Would you transcribe the line containing "von Fr. 1050" and every line after it, through the end of the records below, exactly and with nothing else?

INPUT DATA —
◇ ◇ ◇ ◇ ◇ ◇ ◇
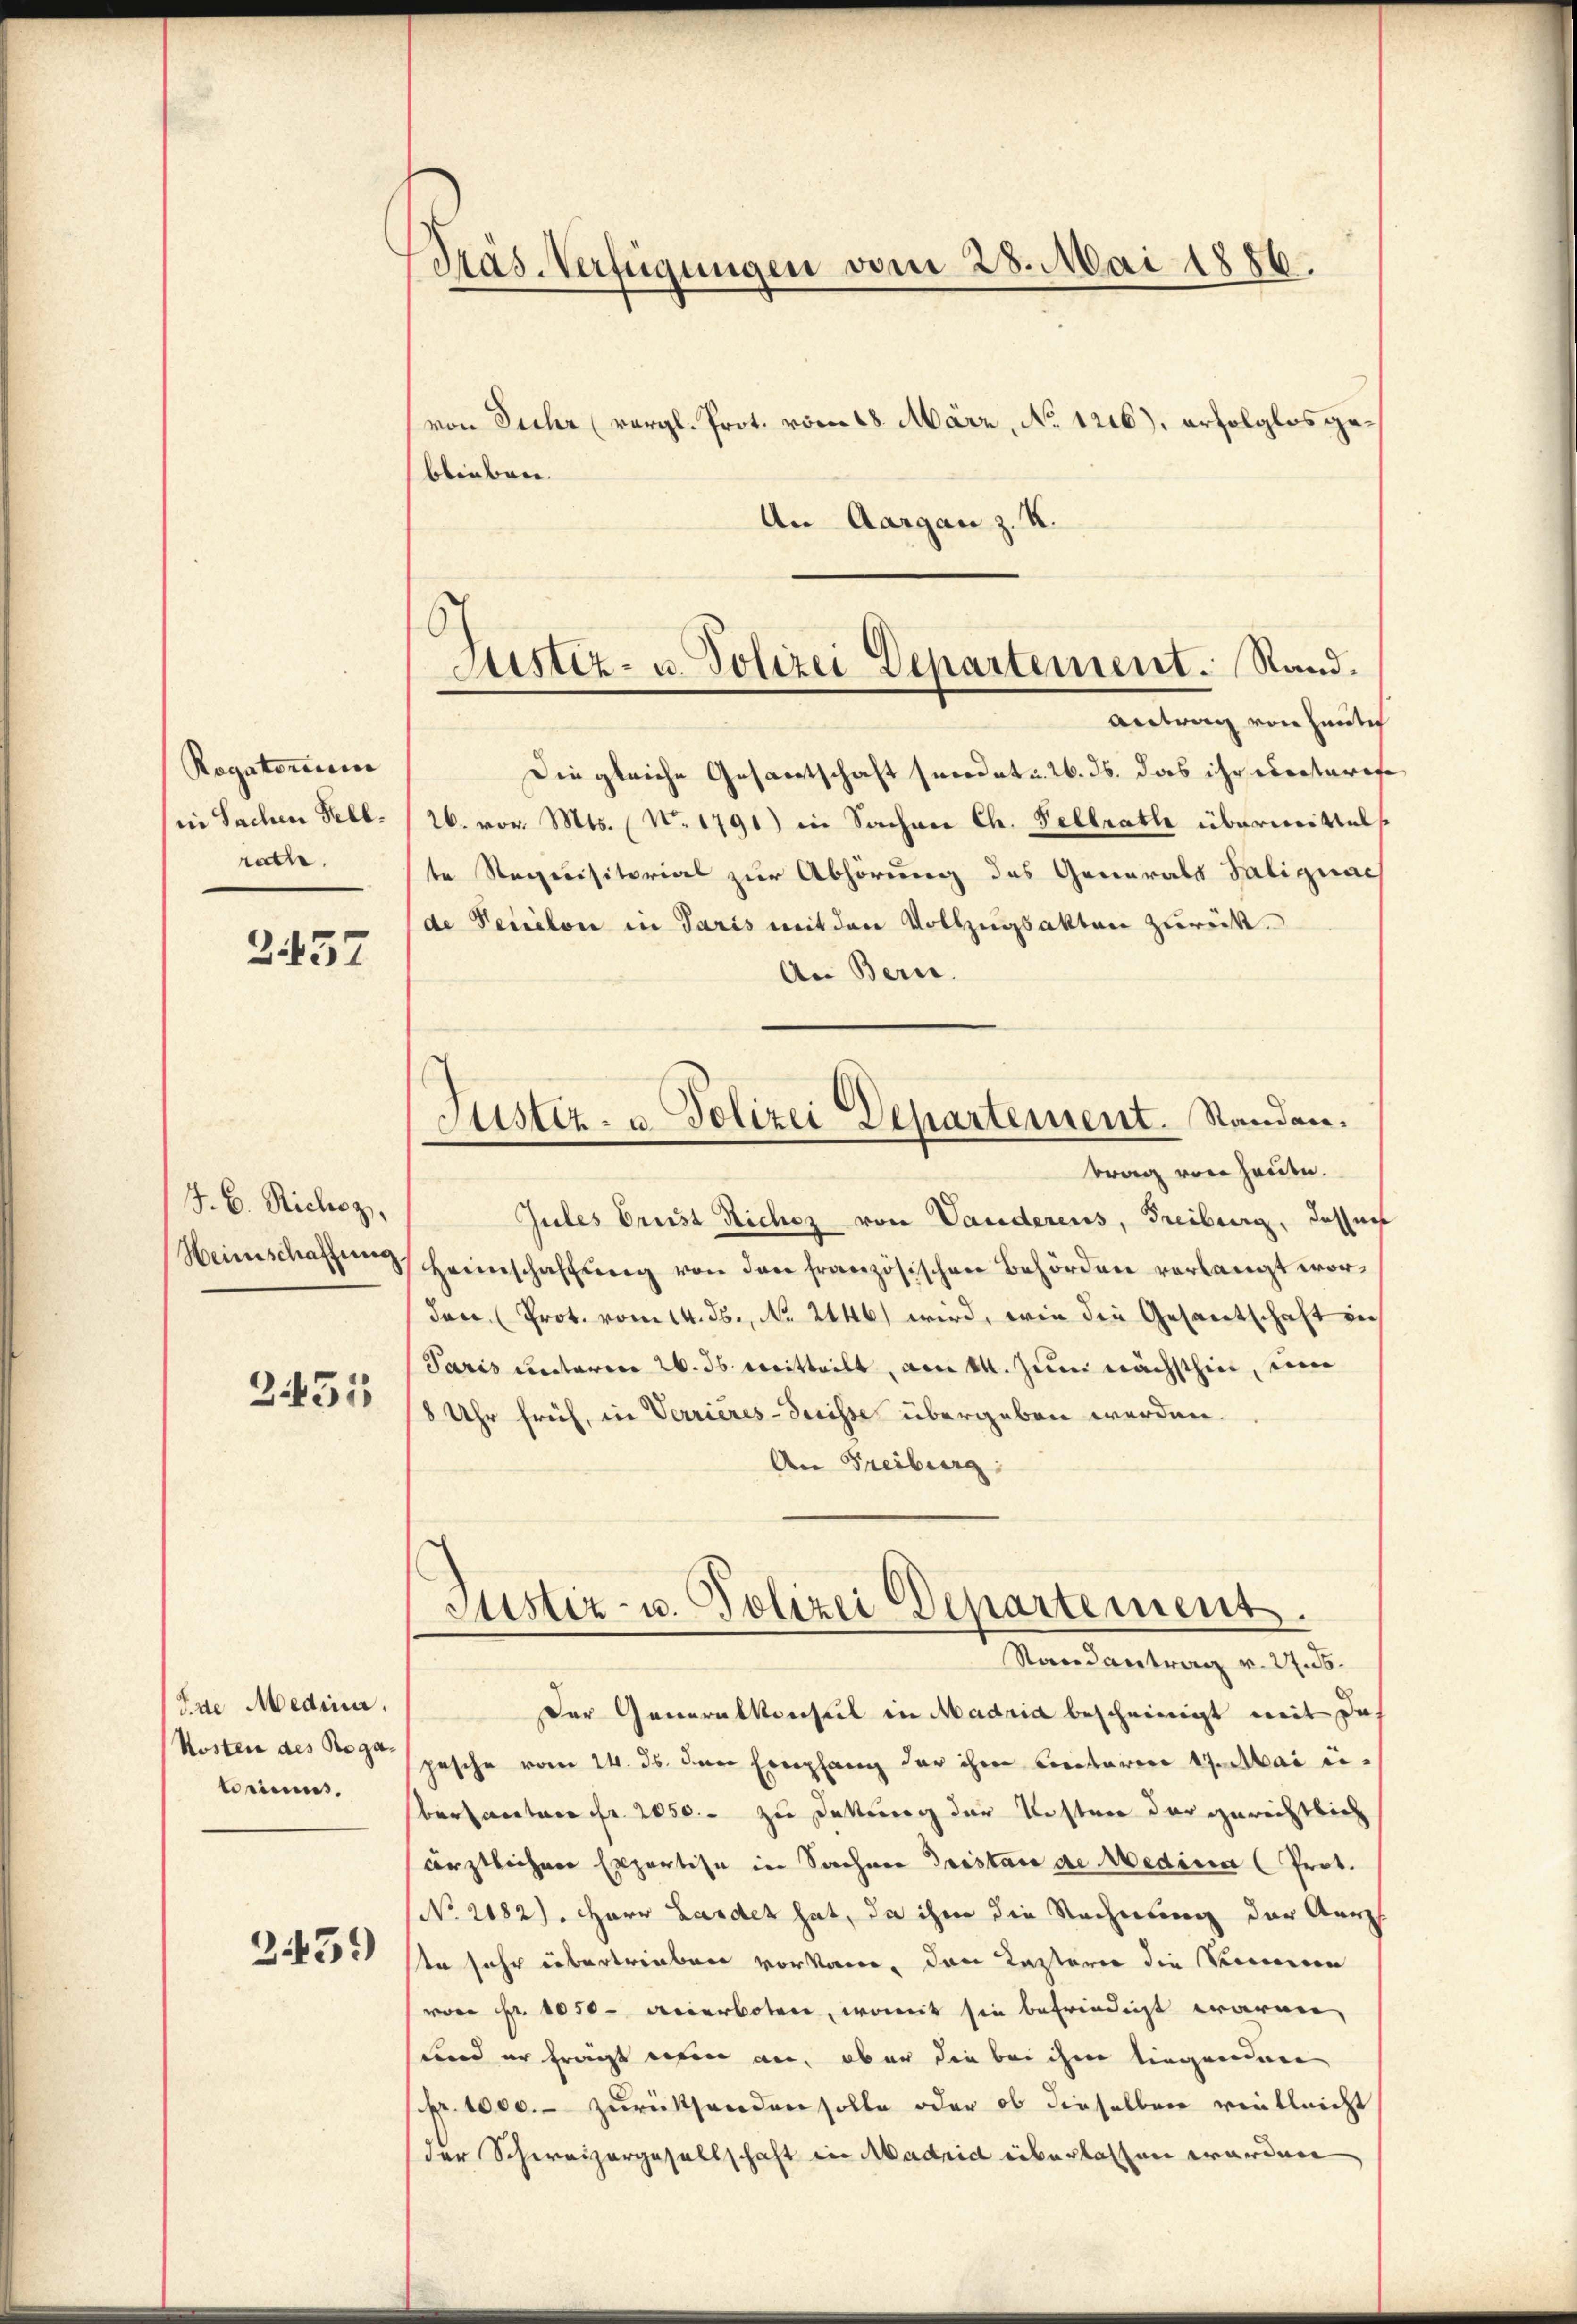
Rogatorium
in Sachen Fell.
rathe.

2437

J. B. Richoz,
Heimschaffung.

3455

Ide Medina.
teriums.
2451)

Pras-Verfügungen vom 28. Mai 1886.
von Sicher (vergl. Prot. vom 18. März, No 1216), erfolglos ge¬

blieben.
An Aargau z. K.

Antrag von heutig
Diegleiche Gesamtschaft secedat u. 26. ds. das ihr weiteres
26. vor. Mts. (N. 1791) in Sachen Ch. Fellrath übermittelst
te Requisitorial zur Abhörung des Generals Talignach
de Percelon in Paris mit den Vollzugsakten zurück.
An Bern.
Justiz- u. Polizei Departement. Standen.
brag von heute.
Gutes Brust Nichtz von Vanderens, Freiburg, das ne
Heimschaffŭng von den französischen Behörden verlangt wor¬
Ien (Prot. vom 14. ds., No. 2146) wird, wie die Gesantschaft ver
Paris unterm 26. ds. mitteilt, am 14. Juni nächsthin, ein
8 Uhr früh, in Verrieres-Suisse übergeben werden.
An Freiburg

S
Justiz- u. Polizei Departement. Sand¬

Justiz- u. Polizei Departement.
Randantrag v. 27. ds.

Der Generalkonseil in Madrid bescheinigt weit da
Kosten des de sepesche vom 14. ds. den Empfang der ihm Centerm 17. Mai eibertartare Fr. 2050.- zu Dekung der Kosten der gerichtlich
ärztlichen Exportise in Sachen Tristande Medica (Prot.
(No. 2182). Herr Landet hat, da ihm die Rechnung der Aerzt
ste sehr übertrieben vorkam, den Kastern die Sinnern
von Fr. 1050 verboten, womit sie befriedigt waren,
sund er fragt erfen an, aber die bei ihre liegender
pr. 1000.- zurücksenden solle oder ob dieselben vielleicht
der Schweizergesellschaft in Madrid überlassen worden
◇ ◇ ◇ ◇ ◇ ◇ ◇
WRITTEN ANSWER —
von Fr. 1050 verboten, womit sie befriedigt waren,
sund er fragt erfen an, aber die bei ihre liegender
pr. 1000.- zurücksenden solle oder ob dieselben vielleicht
der Schweizergesellschaft in Madrid überlassen worden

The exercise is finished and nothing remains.